第4話 日常の崩壊
あの一件からは特に何もなく穏やかな高校生活だった。変化があるとすれば蓼原さんがあれ以来よく笑うようになったことくらいか。
そのことを拓海にからかわれてムキになるまでが日常になりつつあった。
拓海は相変わらず他愛もない冗談ばかり、どこまでが本音かは分からず、決して自分を語らない拓海、そんな彼を俺も蓼原さんも不思議に思っていた。
俺と蓼原さんはお互いのことに興味を持ちはじめ、歩みはじめてるなか一人だけは違う。
そのことが俺たちにはむず痒く思いながらも、その一歩を踏み出せないまま日常は過ぎていった。
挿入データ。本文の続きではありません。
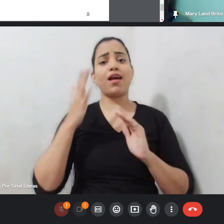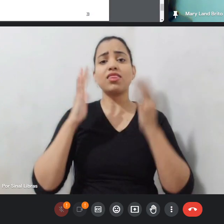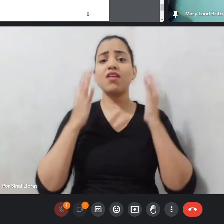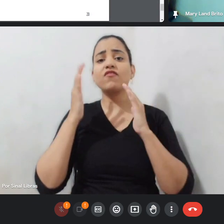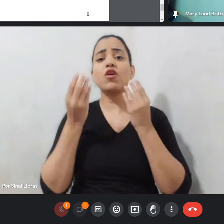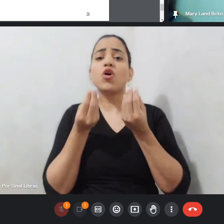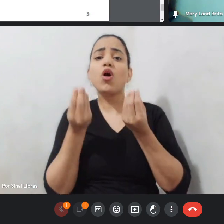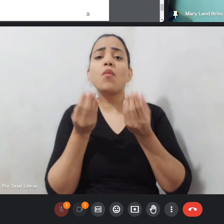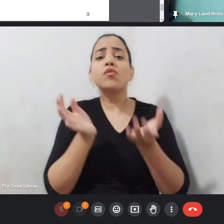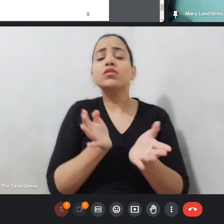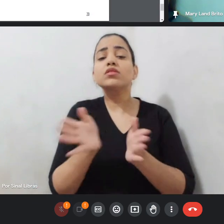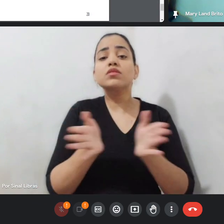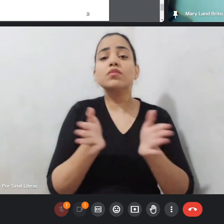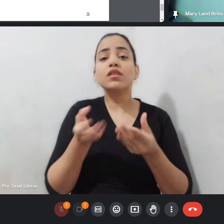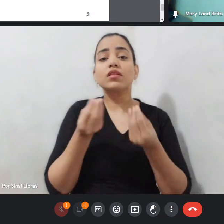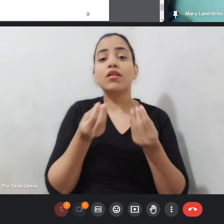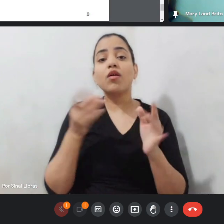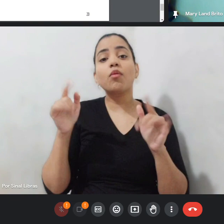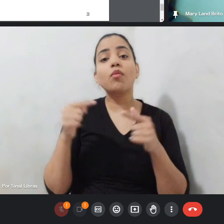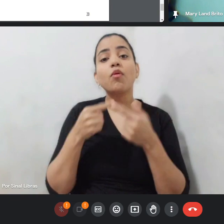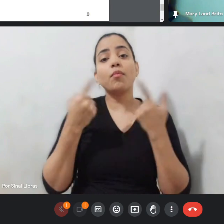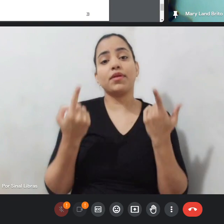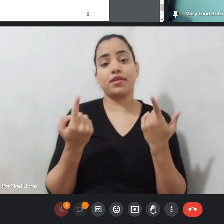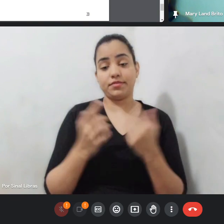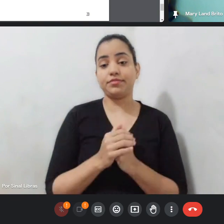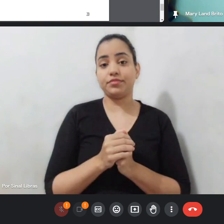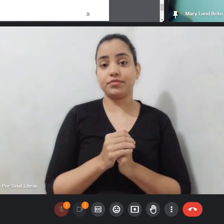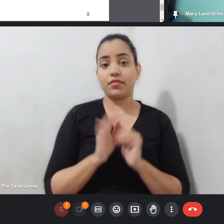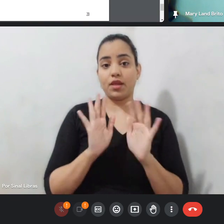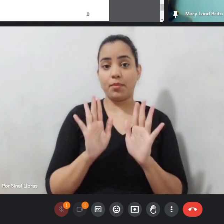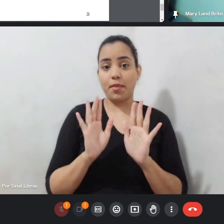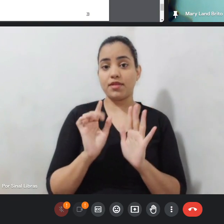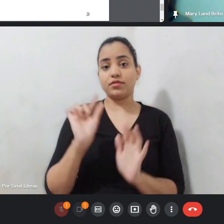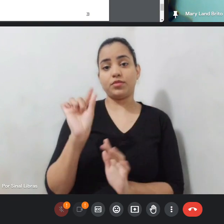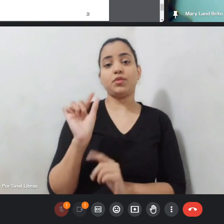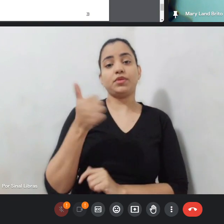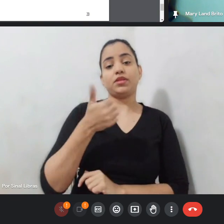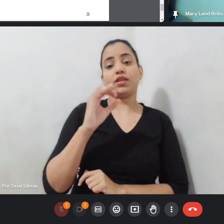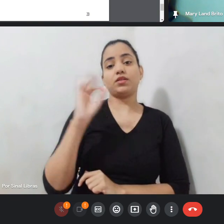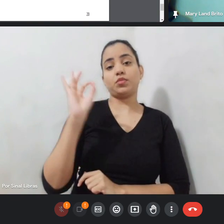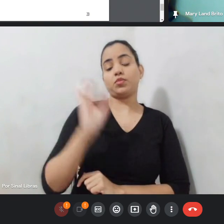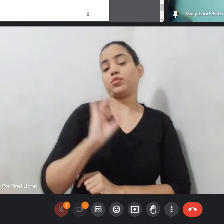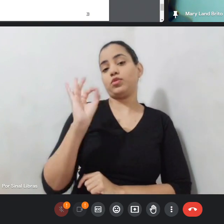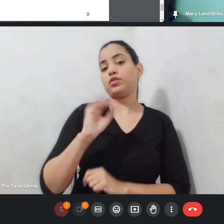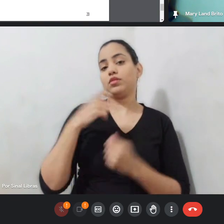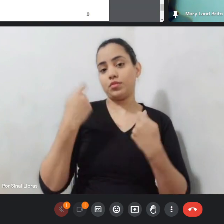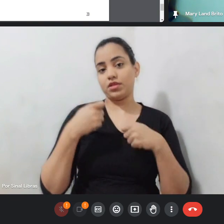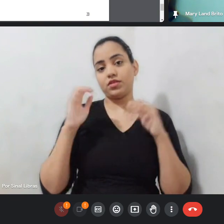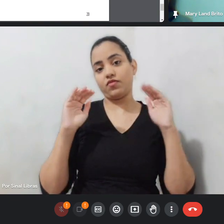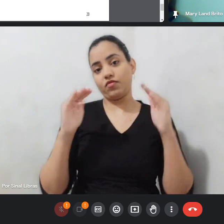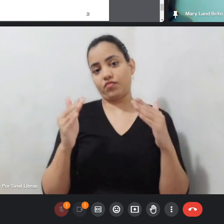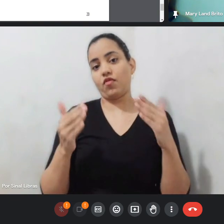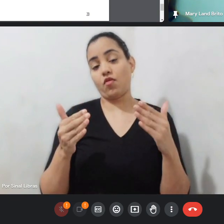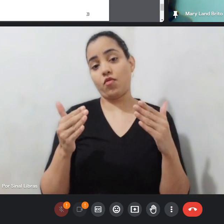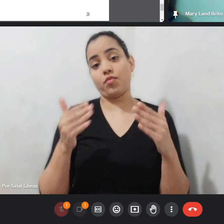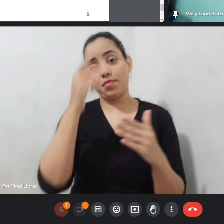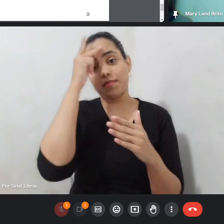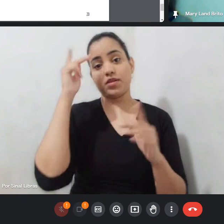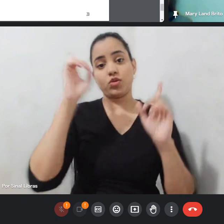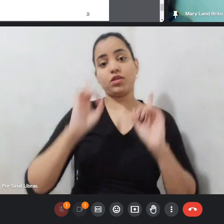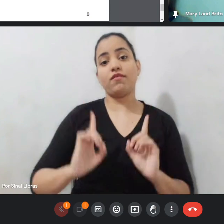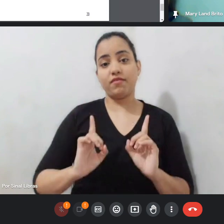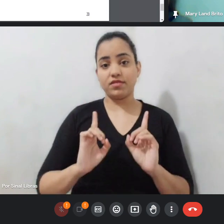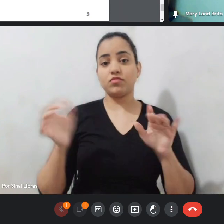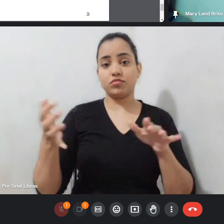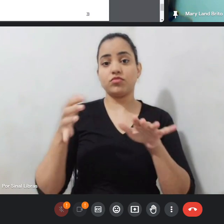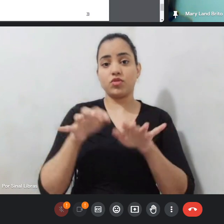acessibilidade combinam com o seu evento. Mas no mínimo, 10% tem que ser para pessoas com deficiência serem incluídas
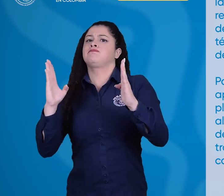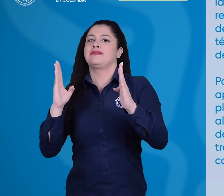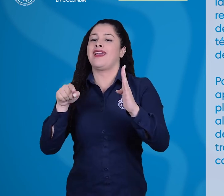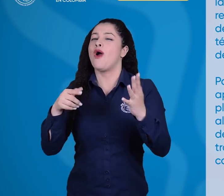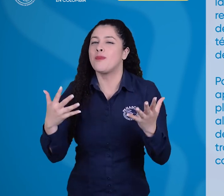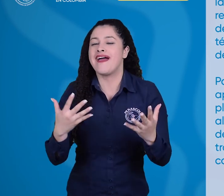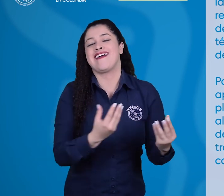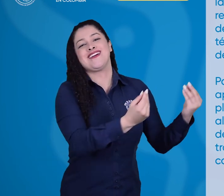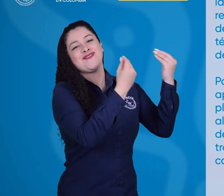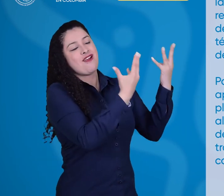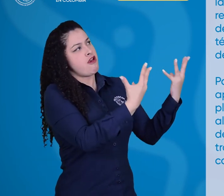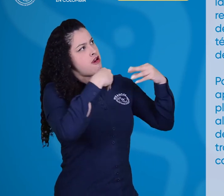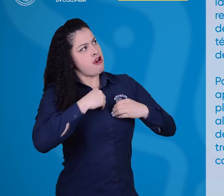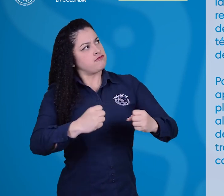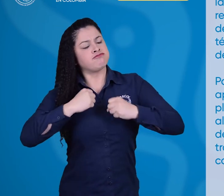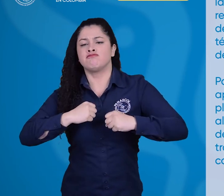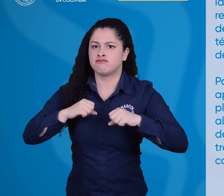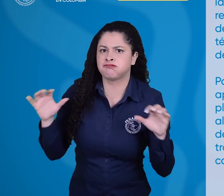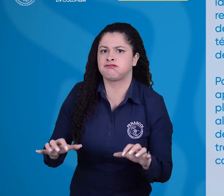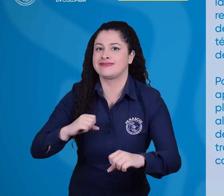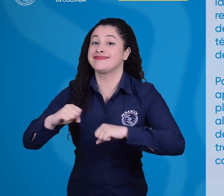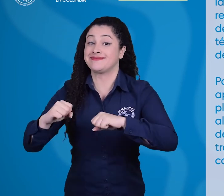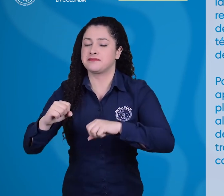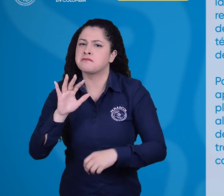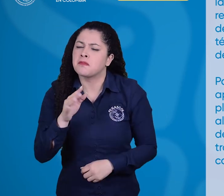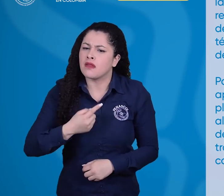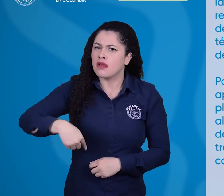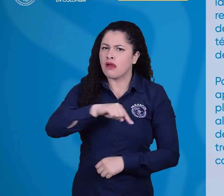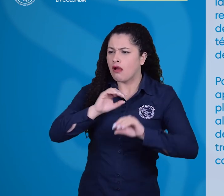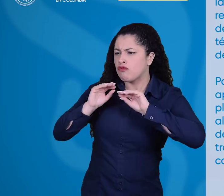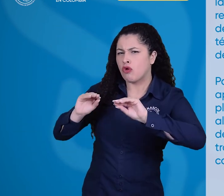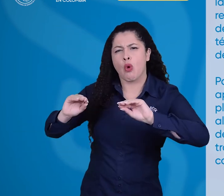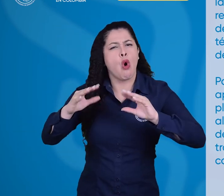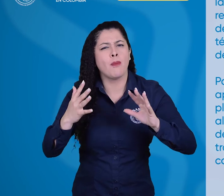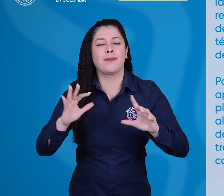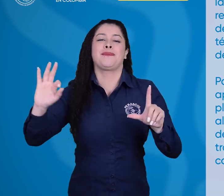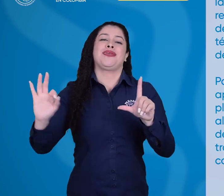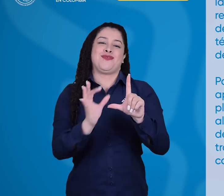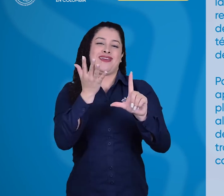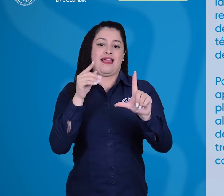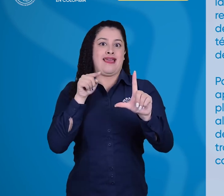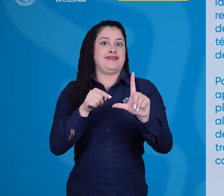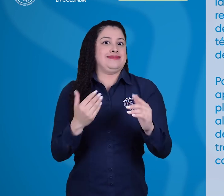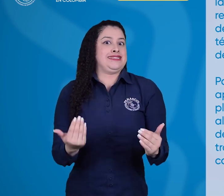plataformas virtuales para alcanzar un mayor número de participantes en la transferencia de conocimientos.

「さて、勉強もここまでにしますかね。相変わらず数学は苦手だ…訳わかんなさすぎる。図形なんて分からなくても生きていけるっつの」
「そんなこと言ってテストの結果で上村君に負けたら情けないわよ」
「大丈夫だ。少なくともコイツよりはマシな頭だから」
「うるせ! 次のテストは俺が勝つから見てろよ! 謝るなら今のうちだぞ」
「お、それは宣戦布告か? じゃあ、俺が勝ったらジュース奢ってもらおうかなー」
「あ、私ミルクティーでおねがーい」
「なんで蓼原さんにまで奢らなきゃいけないんだよ!」
他愛もない会話をしている時だった。
大きな地響きと地震に襲われた。
部屋にあった本は余さず散乱し、和やかだった場は一気に不安と恐怖に支配された。
「なに…」
「さあな。でも、ただの地震だろ。下手に動かないで助けが来るのを待とうぜ」
「あなたってほんとに冷静よね。逆に動揺したところ見てみたいわ…」
蓼原さんの言葉もどこ吹く風、肩をすくめ出口の様子を伺う拓海。
どのくらいの時間が経過したのだろうか…。
助けも来ず、周りも静寂に包まれたまま一向に変わる様子が無い。
「ねぇ、さすがにおかしくない?」
「うん…俺もそう思う。俺、少し外の様子を見てくる。蓼原さんはここで待ってて、拓海は」
「俺はここで待ってるよ。さすがにかわいい女の子一人にして何かあったらマズイからな」
「わかった」
「ねぇ、必ず帰ってきてよ…!」
蓼原さんの悲痛な声に力強く頷いた。
散らばった本をかき分けながら出口を目指すのは思いの外、難しく簡単には辿り着けなかった。
でも、外に出られれば助けも呼べる。
そんな甘い考えも扉を開け、図書室の外へ足を踏み出した瞬間に幻想となって露と消えた。
「は…?」
廊下に人はいた。
だが、少年は決して声を掛けなかった。例え、声を掛けてもその人が少年の呼び掛けに応えることはないだろう。
何も言わず赤い海に横たわるその姿は一瞬にして彼を絶望へと導くのだ。